While parents were mostly very positive about their experiences of using RM, in line with previous research, some (actual or potential) psychological costs were also noted. Ironically, whilst RM increased opportunities to spend time apart from their child, it also reduced opportunities for respite, as the technology enabled parents to monitor and manage diabetes care at a distance. Other research, exploring school nurses’ perspectives, has similarly reported (nurses’ concerns) that RM may fuel parental anxiety. These findings suggest the potential for ‘burnout’ over time. To address this, parents’ own suggestions could be considered, including encouragement to take ‘time‐out’ periods where monitoring responsibilities can be shared with a co‐parent or other trusted caregiver.

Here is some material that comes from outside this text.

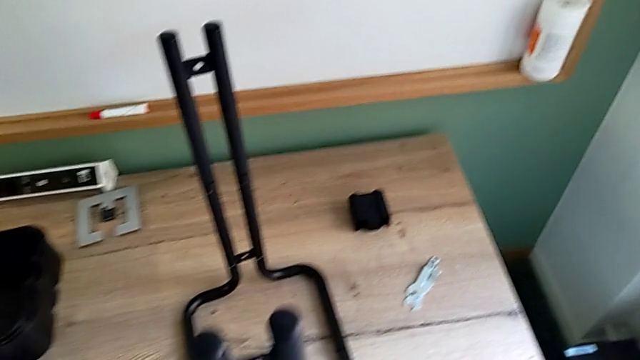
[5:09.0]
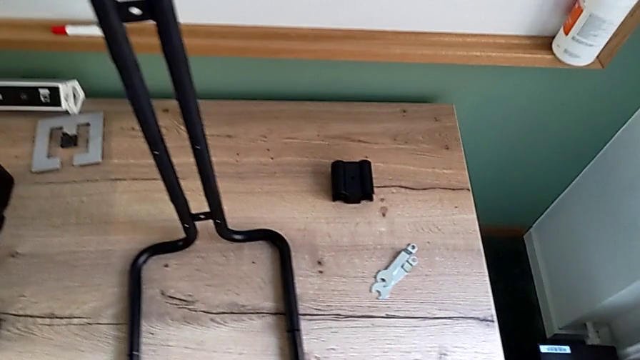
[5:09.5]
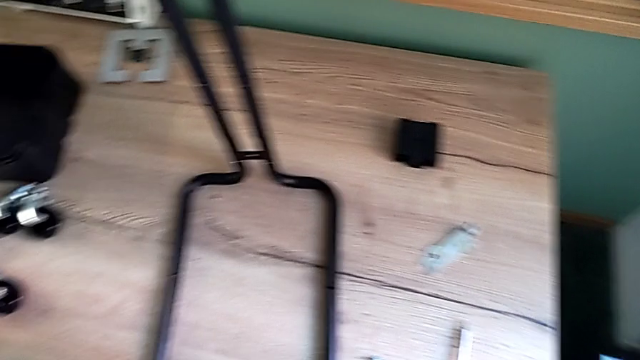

A key study strength is the inclusion of parents of very young children of different ages and from different countries, as this increases the transferability of findings. However, as parents were recruited from a clinical trial investigating a new diabetes technology (the KidsAP02 trial), they may have been particularly motivated and/or technology enthusiasts. As is typical in studies of diabetes technologies, the sample was skewed towards White, educated, relatively affluent parents. Moreover, parents used RM for a relatively short time period (approximately 8 months) and, as other studies have found, use of diabetes technology may attenuate over time. Given the importance of ensuring equitable and sustainable access to diabetes technologies, future work should consider the perspectives of people from other socio‐economic and minority ethnic groups, and those who use RM for longer time periods and outside trial settings.

CONCLUSION

Use of RM in the management and care of very young children with type 1 diabetes can offer divers benefits for both parents and children. Typically, these benefits considerably outweigh any psychological costs arising from the ability to access data continually. Some parents, however, may benefit from encouragement and opportunities to take ‘time out’.

CONFLICT OF INTERESTS

RH reports having received speaker honoraria from Eli Lilly and Novo Nordisk, serving on advisory panel for Eli Lilly and Novo Nordisk and receiving licence fees from BBraun and Medtronic. RH also reports patents, patent applications, shareholding and directorship at CamDiab. FC has attended Advisory Boards and obtained speaking fees for Abbott, Medtronic, Lilly and NovoNordisk. CdB has contributed to the Medtronic e‐learning tools. EFR reports having received speaker honoraria from Eli Lilly and Novo Nordisk, and serving on advisory boards for Eli Lilly and Sanofi. SH declares having received speaker honoraria from Eli Lilly, Sanofi and Pfizer. TMK has received speaking honoraria from Eli Lilly and MerckSerono and consulted Sanofi for a transition brochure. BRM has received speaker honoraria from Abbott Diabetes Care, Eli Lilly, Medtronic, Novo Nordisk, Roche Diabetes Care, Sanofi and Menarini, and has been on the advisory boards of Roche Diabetes Care and Abbott Diabetes Care. The authors RIH, BK, DR, CKB, JW, JMA, AT and JL have no conflicts of interest to declare.

AUTHORS’ CONTRIBUTIONS

JL conceived and designed this substudy. BK collected the data, which was then analysed by JL, RIH, DR and BK. RIH wrote the first draft of the manuscript. All authors reviewed, edited and approved the final version of the manuscript.

CONSENT TO PARTICIPATE AND FOR PUBLICATION

All research participants provided written informed consent including for anonymised information to be published in this article.